Data under study

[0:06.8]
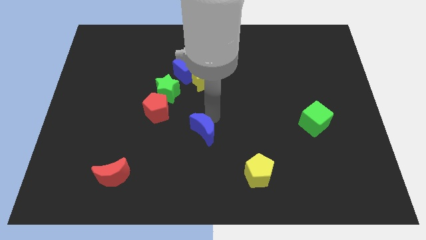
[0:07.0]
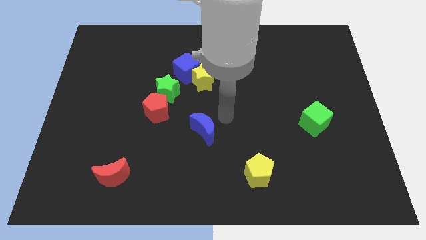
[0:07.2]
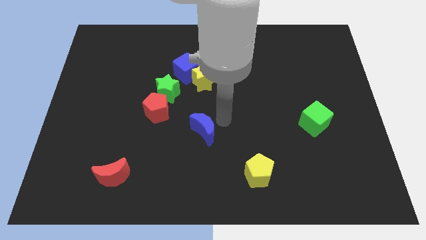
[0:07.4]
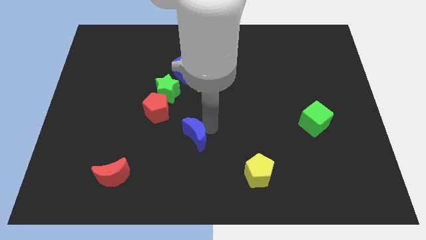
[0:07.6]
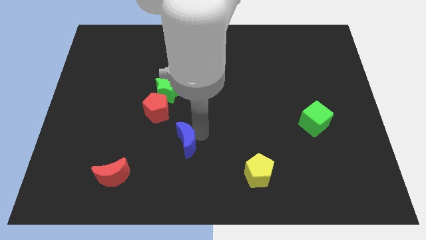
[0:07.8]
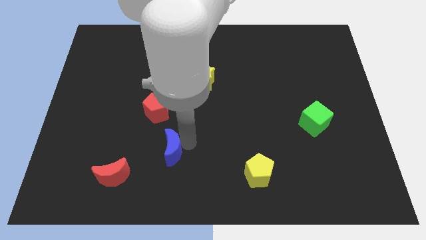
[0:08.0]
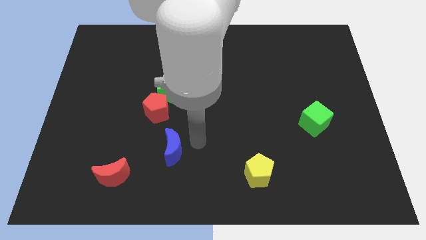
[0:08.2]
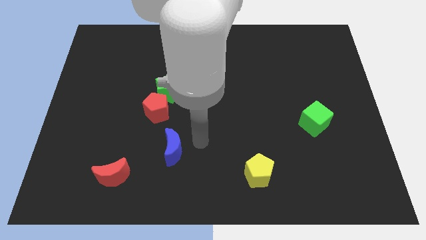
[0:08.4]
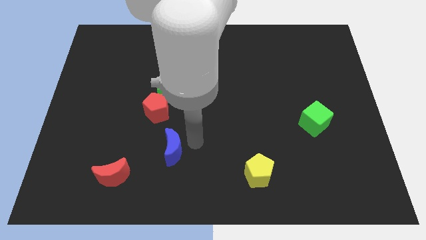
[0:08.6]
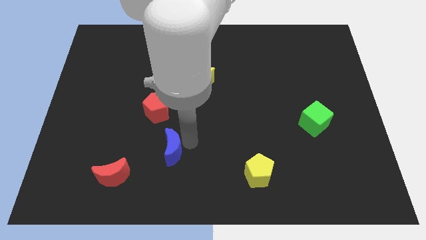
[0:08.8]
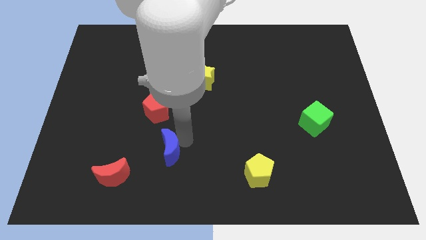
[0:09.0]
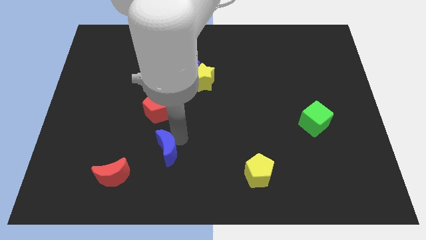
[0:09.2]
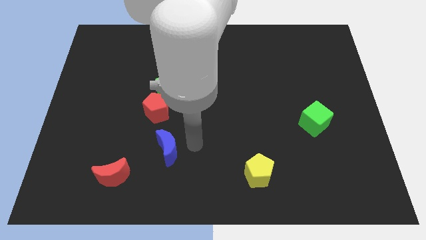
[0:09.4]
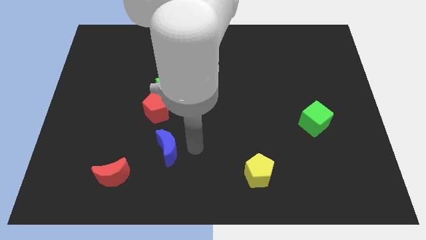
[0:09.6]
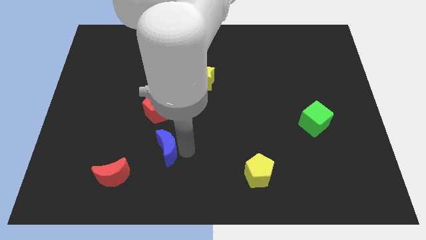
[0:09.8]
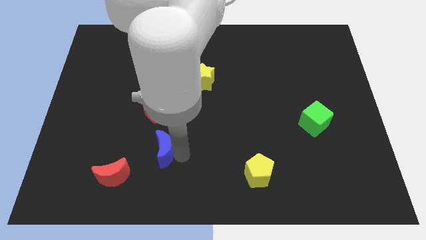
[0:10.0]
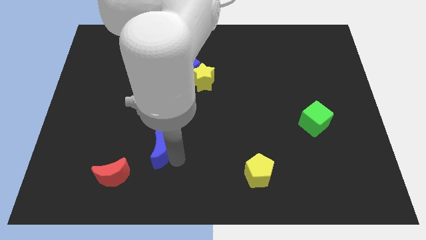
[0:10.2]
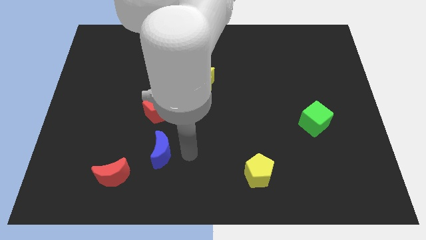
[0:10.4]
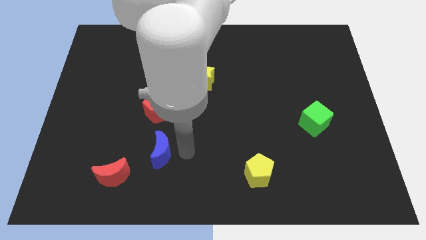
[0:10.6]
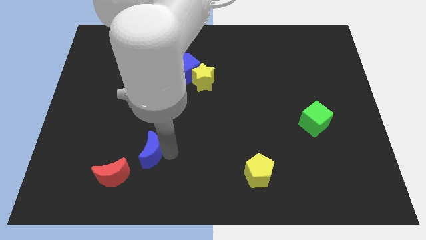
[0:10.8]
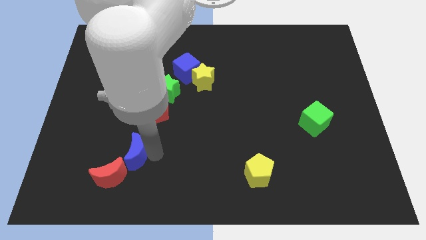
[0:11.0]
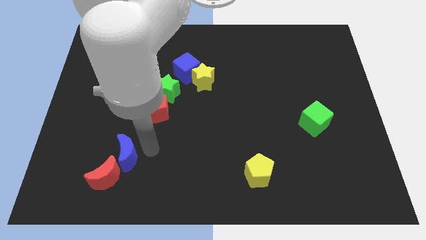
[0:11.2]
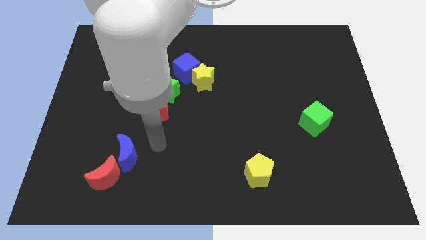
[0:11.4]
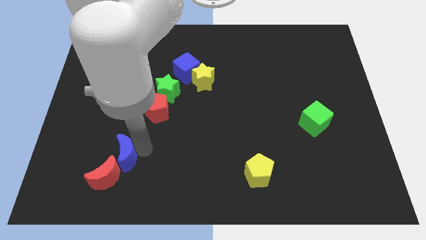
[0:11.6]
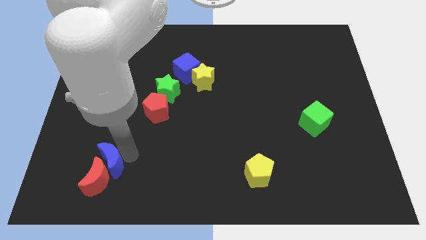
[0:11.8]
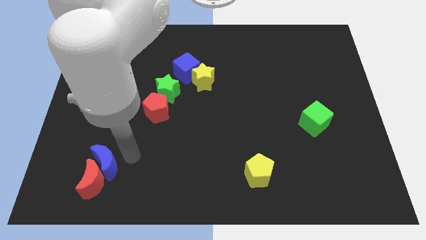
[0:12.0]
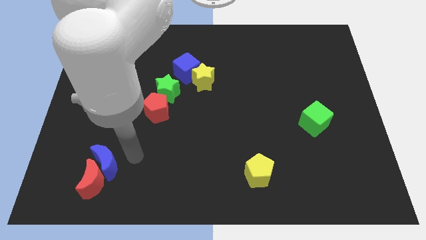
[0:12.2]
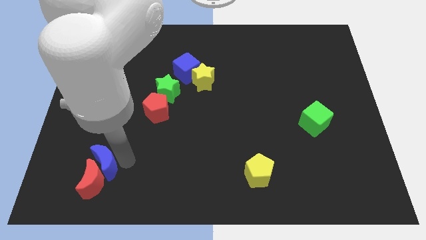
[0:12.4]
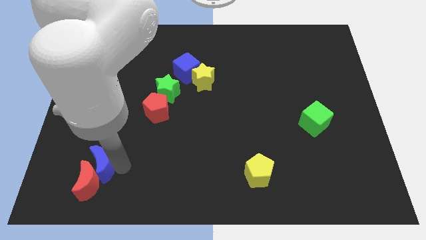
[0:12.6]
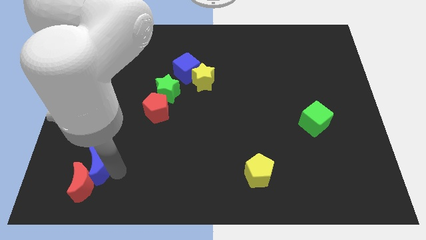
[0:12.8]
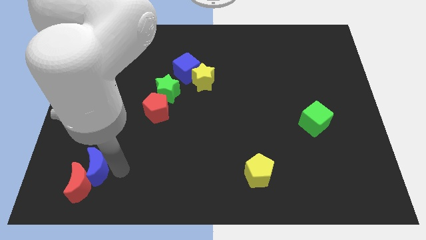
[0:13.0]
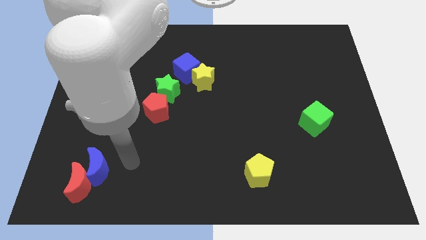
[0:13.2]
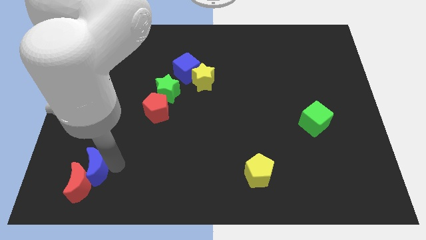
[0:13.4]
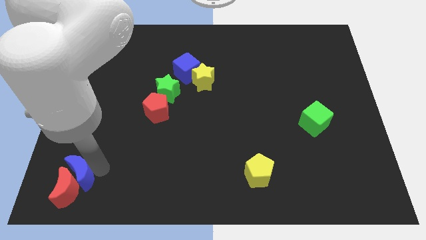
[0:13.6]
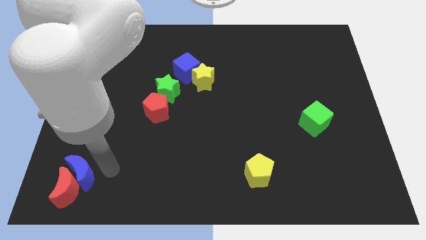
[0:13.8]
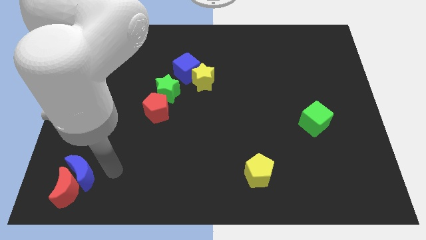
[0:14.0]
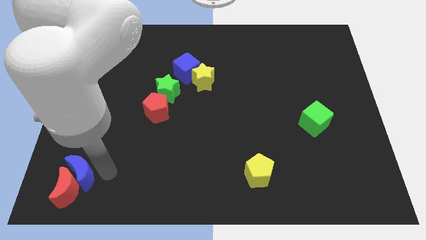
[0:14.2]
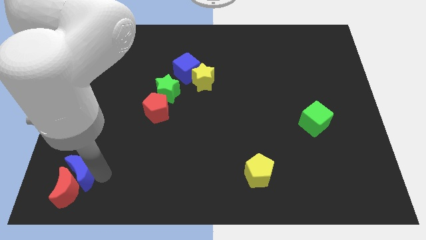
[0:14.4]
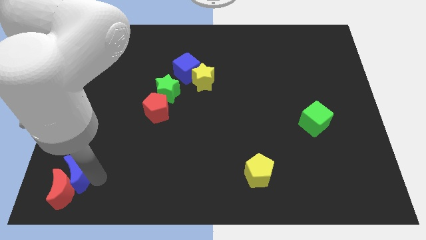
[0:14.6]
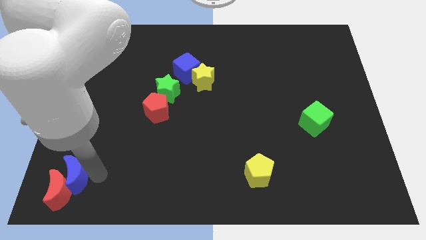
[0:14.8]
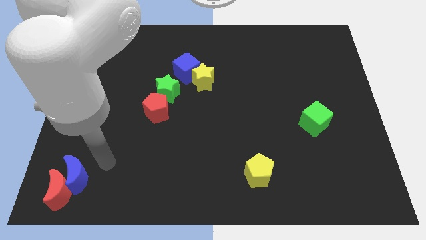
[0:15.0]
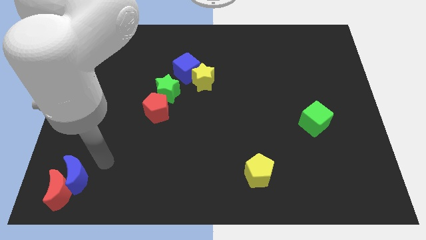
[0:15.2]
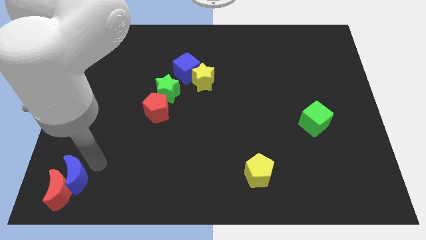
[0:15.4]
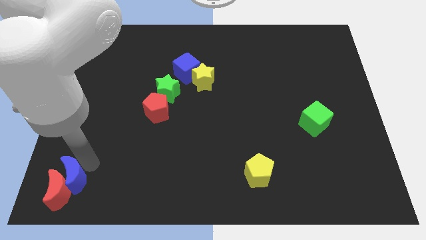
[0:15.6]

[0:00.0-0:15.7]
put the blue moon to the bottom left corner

Work to be completed
You are asked to reproduce each line above exactly, but to exclude the pictures.

Expected answer
[0:06.8]
[0:07.0]
[0:07.2]
[0:07.4]
[0:07.6]
[0:07.8]
[0:08.0]
[0:08.2]
[0:08.4]
[0:08.6]
[0:08.8]
[0:09.0]
[0:09.2]
[0:09.4]
[0:09.6]
[0:09.8]
[0:10.0]
[0:10.2]
[0:10.4]
[0:10.6]
[0:10.8]
[0:11.0]
[0:11.2]
[0:11.4]
[0:11.6]
[0:11.8]
[0:12.0]
[0:12.2]
[0:12.4]
[0:12.6]
[0:12.8]
[0:13.0]
[0:13.2]
[0:13.4]
[0:13.6]
[0:13.8]
[0:14.0]
[0:14.2]
[0:14.4]
[0:14.6]
[0:14.8]
[0:15.0]
[0:15.2]
[0:15.4]
[0:15.6]

[0:00.0-0:15.7]
put the blue moon to the bottom left corner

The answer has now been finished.